The records.

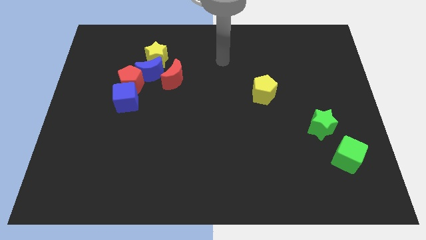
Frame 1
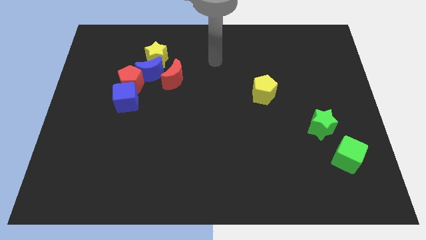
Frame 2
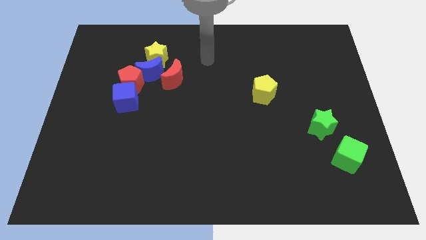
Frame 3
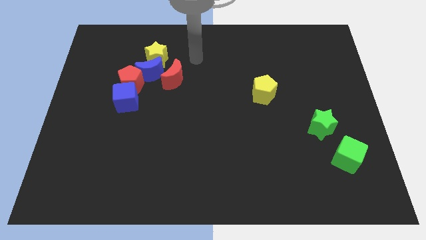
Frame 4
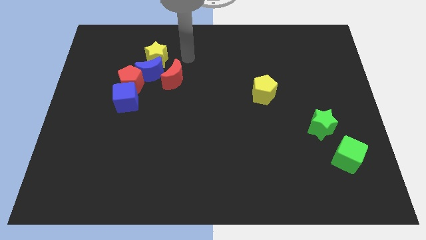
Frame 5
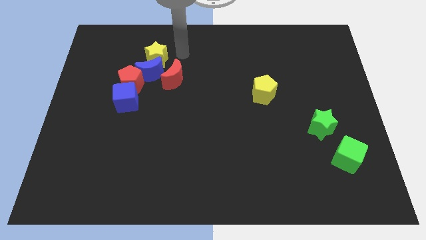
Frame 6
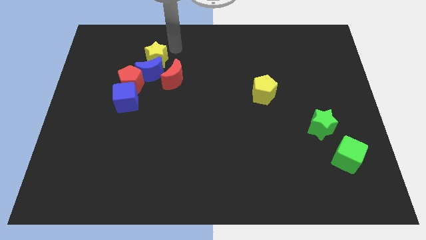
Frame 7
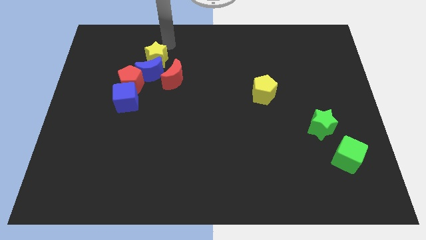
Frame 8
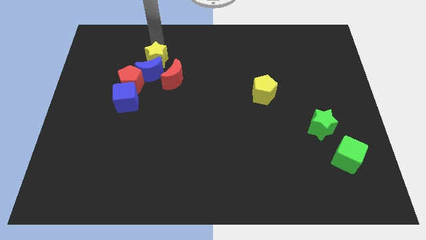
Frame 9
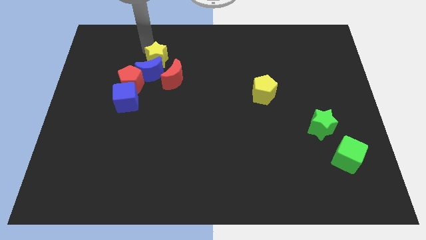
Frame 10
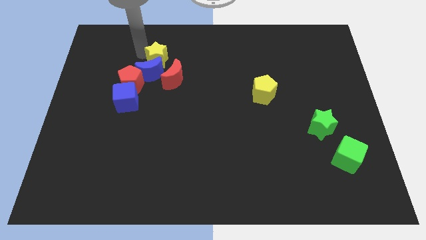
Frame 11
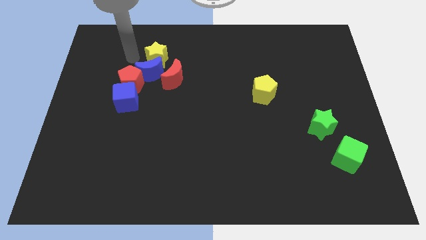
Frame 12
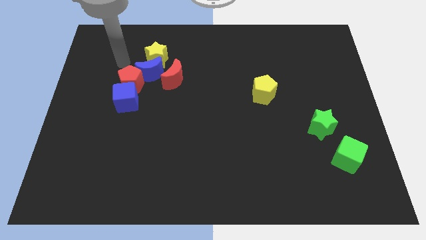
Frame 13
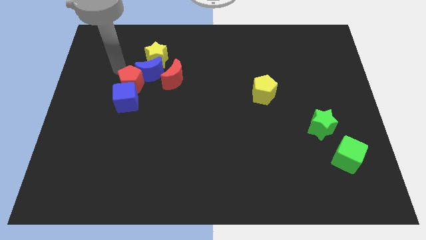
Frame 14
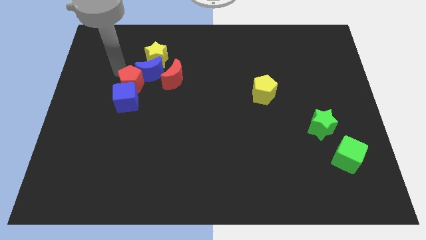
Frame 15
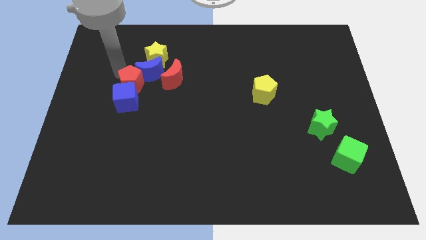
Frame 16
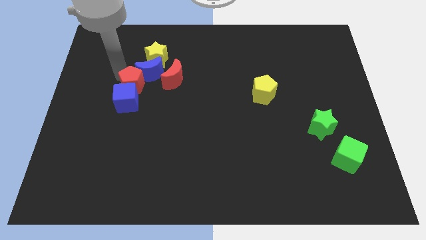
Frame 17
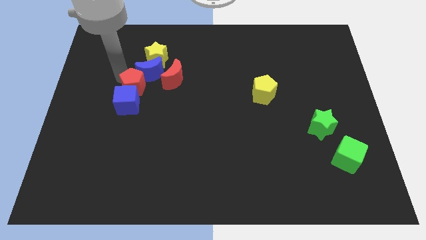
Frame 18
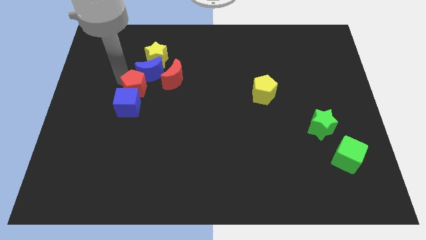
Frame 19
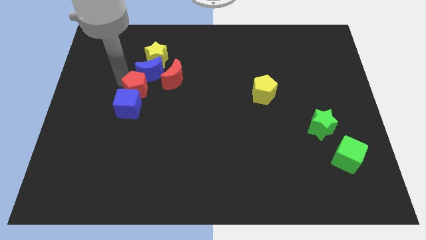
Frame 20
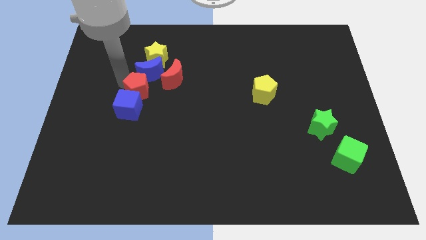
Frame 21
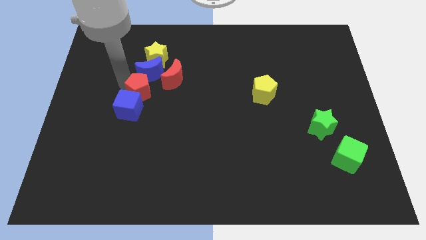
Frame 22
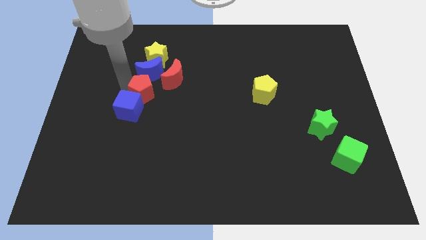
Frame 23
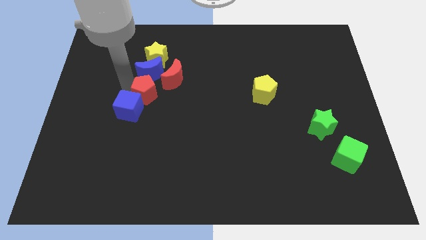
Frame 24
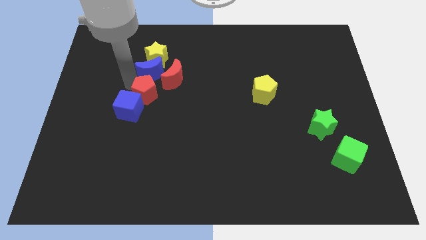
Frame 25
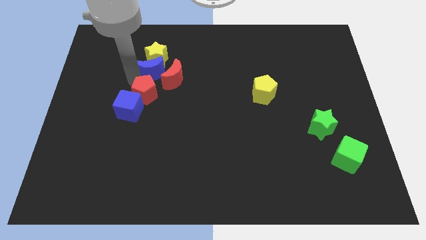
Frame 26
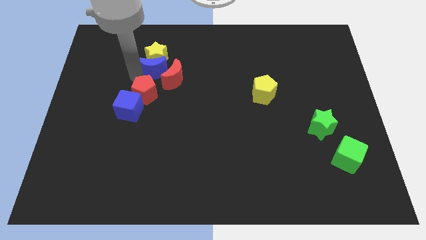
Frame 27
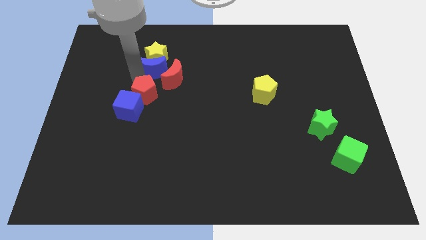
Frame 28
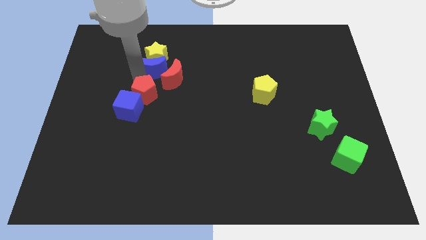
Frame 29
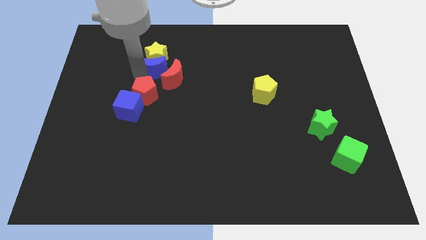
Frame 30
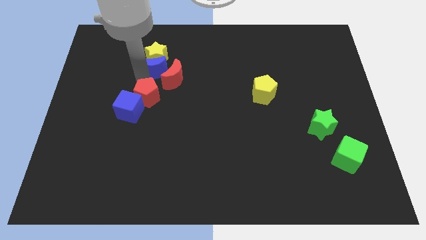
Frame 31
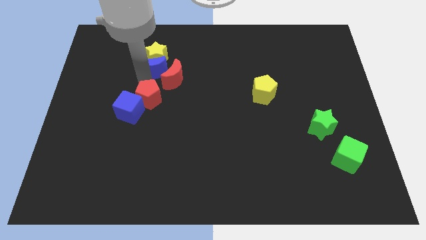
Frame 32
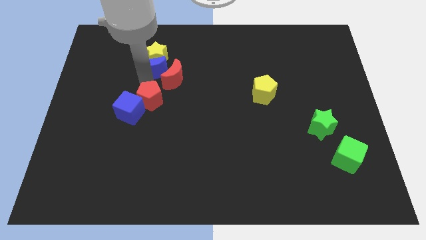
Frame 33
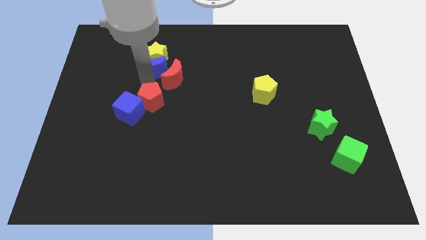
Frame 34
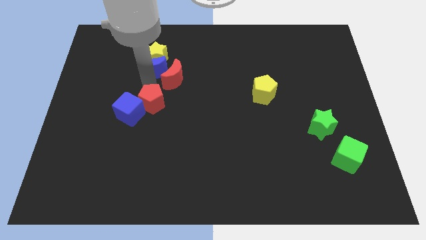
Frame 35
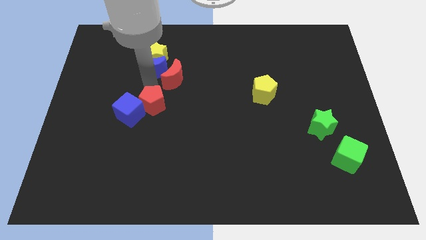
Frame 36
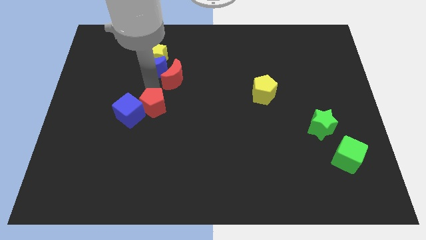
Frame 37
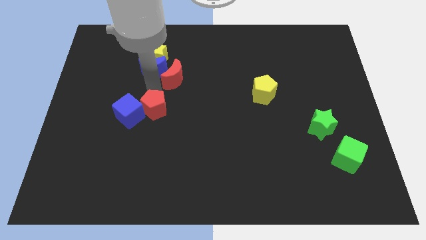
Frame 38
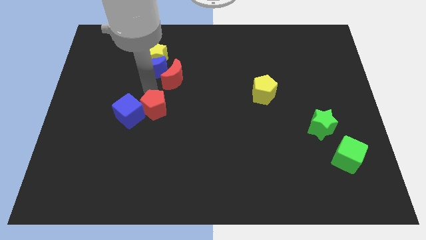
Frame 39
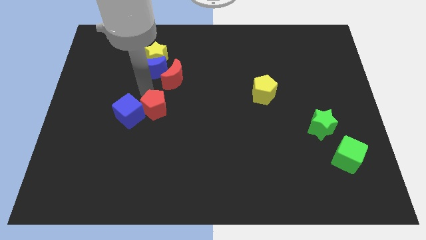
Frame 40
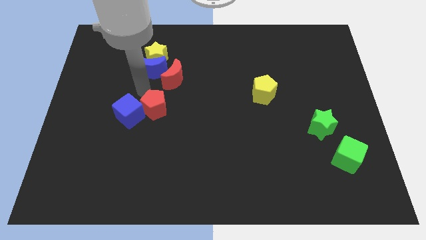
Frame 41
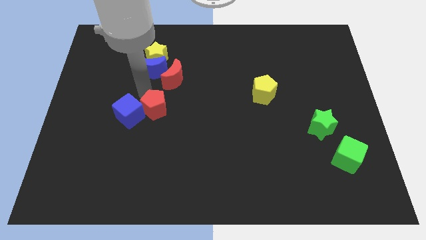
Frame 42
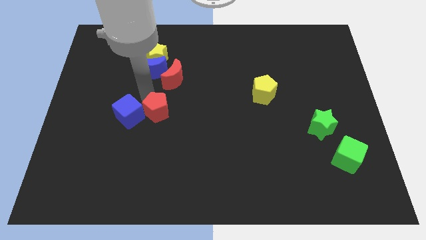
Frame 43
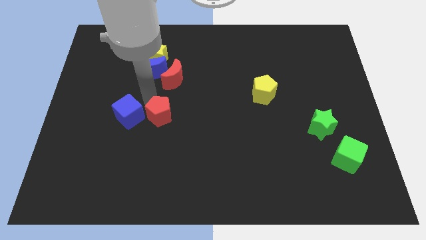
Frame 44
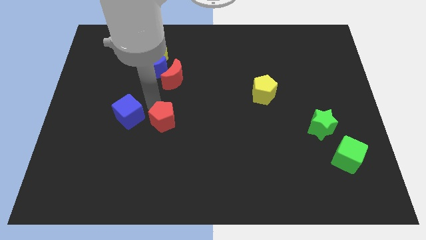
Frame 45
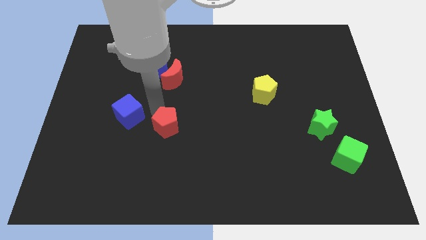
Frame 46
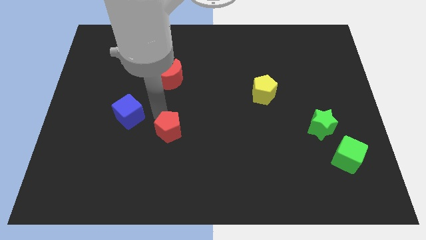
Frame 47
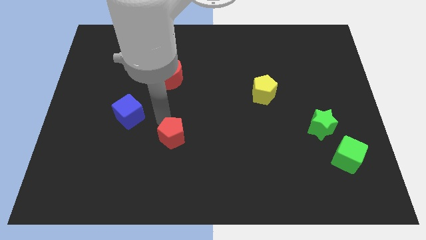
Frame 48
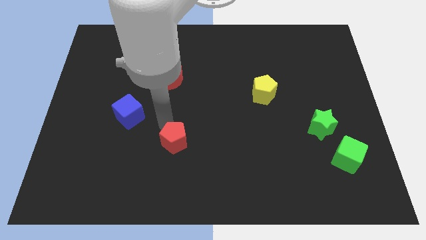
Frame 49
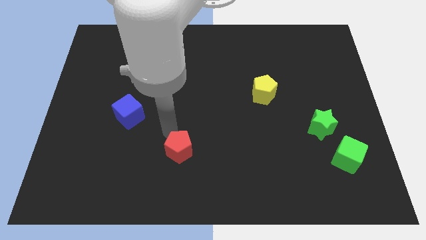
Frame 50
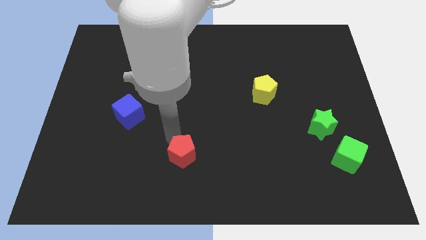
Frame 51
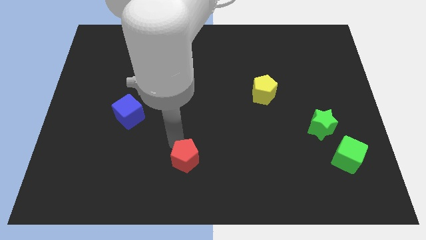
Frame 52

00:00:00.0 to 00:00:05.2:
slide the red pentagon to the bottom

Exercise. Please transcribe every record above exactly as written, leaving out the pictures.

Solution.
Frame 1
Frame 2
Frame 3
Frame 4
Frame 5
Frame 6
Frame 7
Frame 8
Frame 9
Frame 10
Frame 11
Frame 12
Frame 13
Frame 14
Frame 15
Frame 16
Frame 17
Frame 18
Frame 19
Frame 20
Frame 21
Frame 22
Frame 23
Frame 24
Frame 25
Frame 26
Frame 27
Frame 28
Frame 29
Frame 30
Frame 31
Frame 32
Frame 33
Frame 34
Frame 35
Frame 36
Frame 37
Frame 38
Frame 39
Frame 40
Frame 41
Frame 42
Frame 43
Frame 44
Frame 45
Frame 46
Frame 47
Frame 48
Frame 49
Frame 50
Frame 51
Frame 52

00:00:00.0 to 00:00:05.2:
slide the red pentagon to the bottom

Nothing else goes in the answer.